How do I monitor system health of an Elasticsearch server?

You can use this Prometheus exporter to monitor various metrics about Elasticsearch: justwatchcom/elasticsearch_exporter

You may also refer to this excellent article about Elasticsearch performance monitoring. It is not written specifically for Prometheus which Mattermost’s performance monitoring system uses, but has several tips and best practices.

Why does a 25,000 post database take a long time to index in Elasticsearch?

There’s a few possible reasons why it might be slow:

  • Querying the posts out of the database is resource limited (i.e. the machine the database is on is not powerful enough).
  • The Elasticsearch cluster is performance limited (i.e. the machines are not powerful enough).
  • The 25,000 messages are spread out over a long time window, and the BulkIndexingTimeWindowSeconds configuration value is too low for efficient indexing of such a “sparse” database.

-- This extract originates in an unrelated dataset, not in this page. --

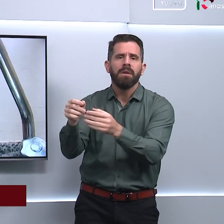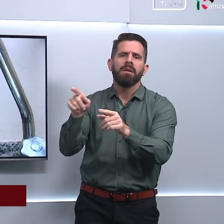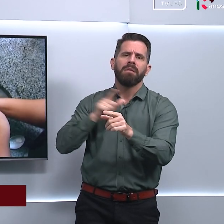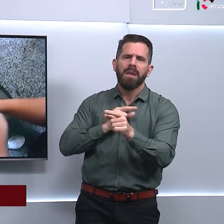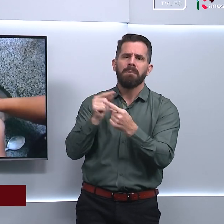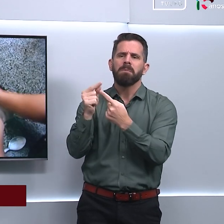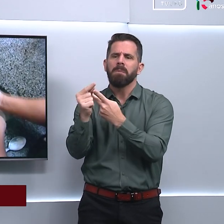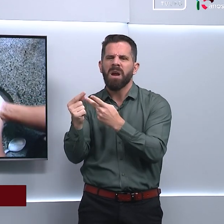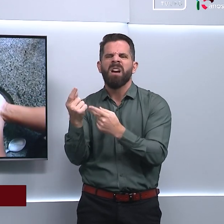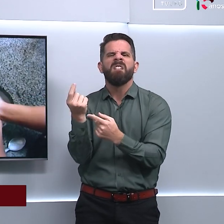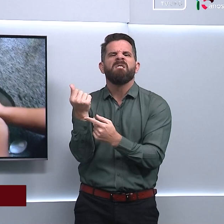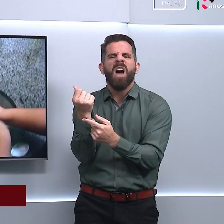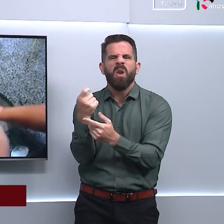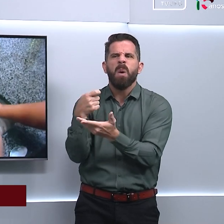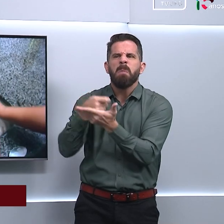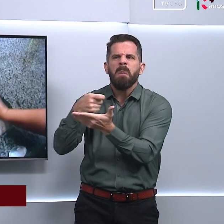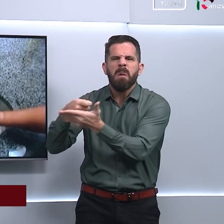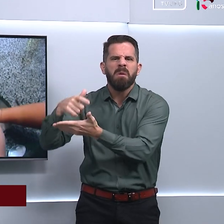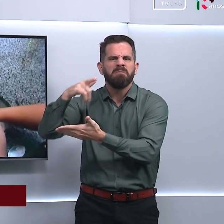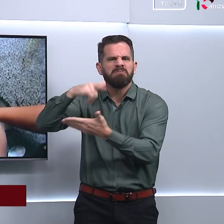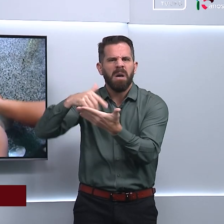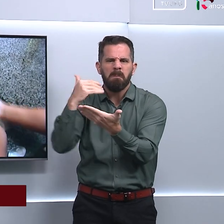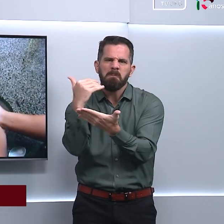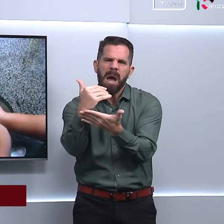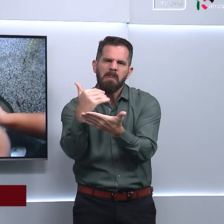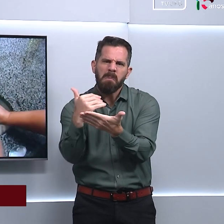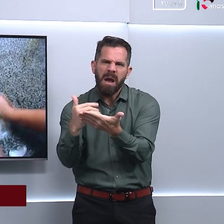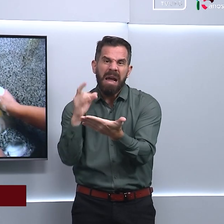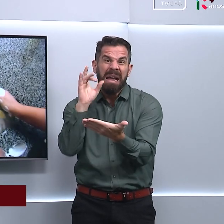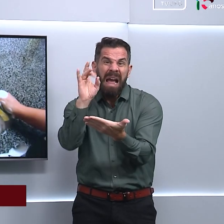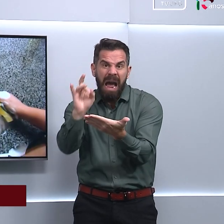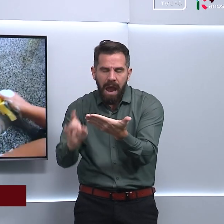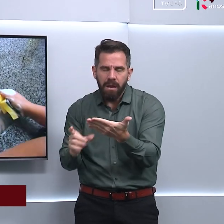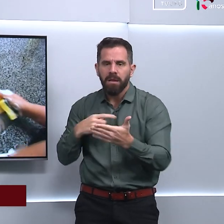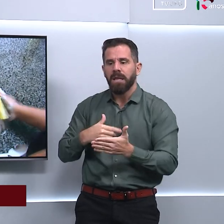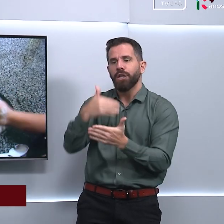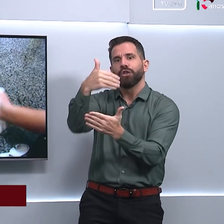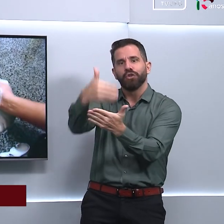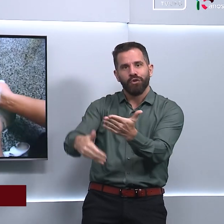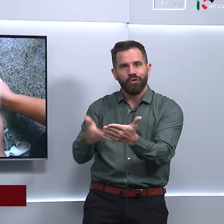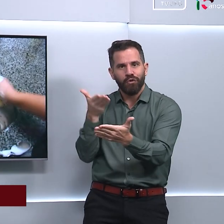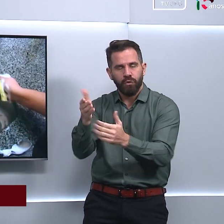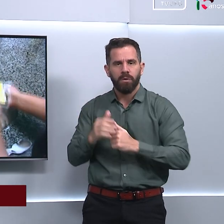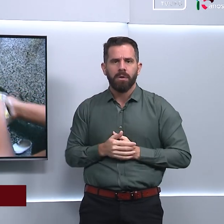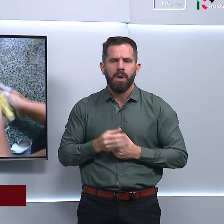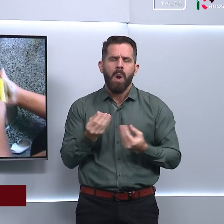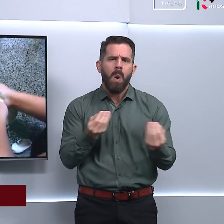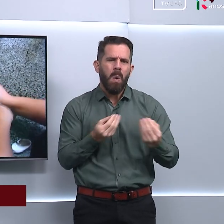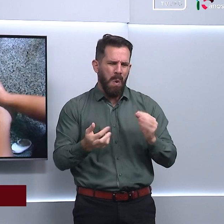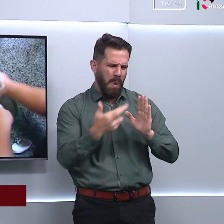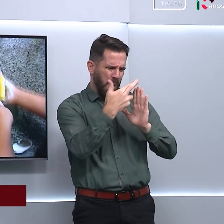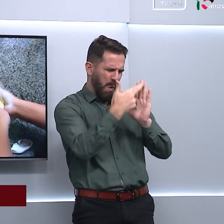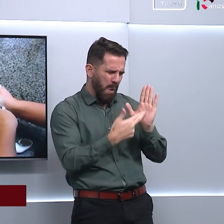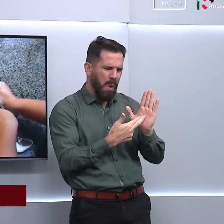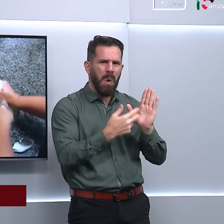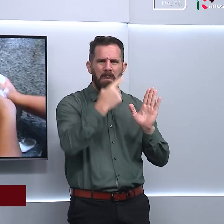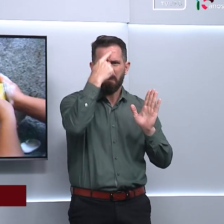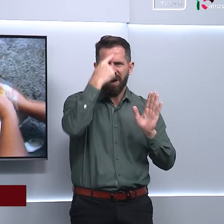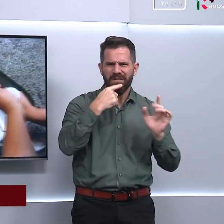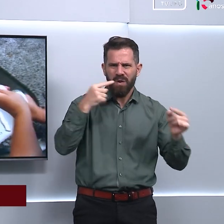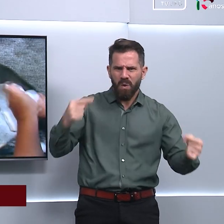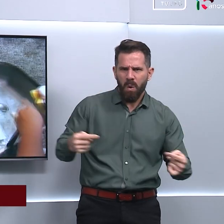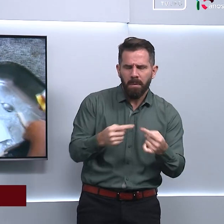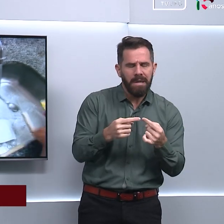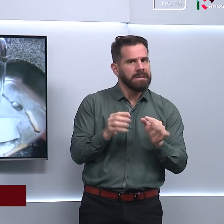afastamento e tratamento de esgoto e sobre a tarifa básica. Os critérios para ter acesso ao benefício

Optimally the value of that config should be set such that the median number of posts falling within any period of that time in the database is around 700 to 800. The default value is 1 hour, so if you are doing a lot less than 800 posts an hour on average, then the indexing will be much slower in terms of “posts per unit time”. This can be sped up by increasing that time window.

How do I know if an elasticsearch job fails?

Mattermost provides the status of each elasticsearch indexing job in System Console > Environment > Elasticsearch (or System Console > Advanced > Elasticsearch in versions 5.11 and earlier). Here, you can see if the job succeeded or failed, including the details of the error.

Morever, any failures are returned in the server logs. The error log begins with the string Failed job and includes a job_id key/value pair. Elasticsearch job failures are identified with worker name EnterpriseElasticsearchAggregator and EnterpriseElasticsearchIndexer. You can optionally create a script that programmatically queries for such failures and notifies the appropriate system.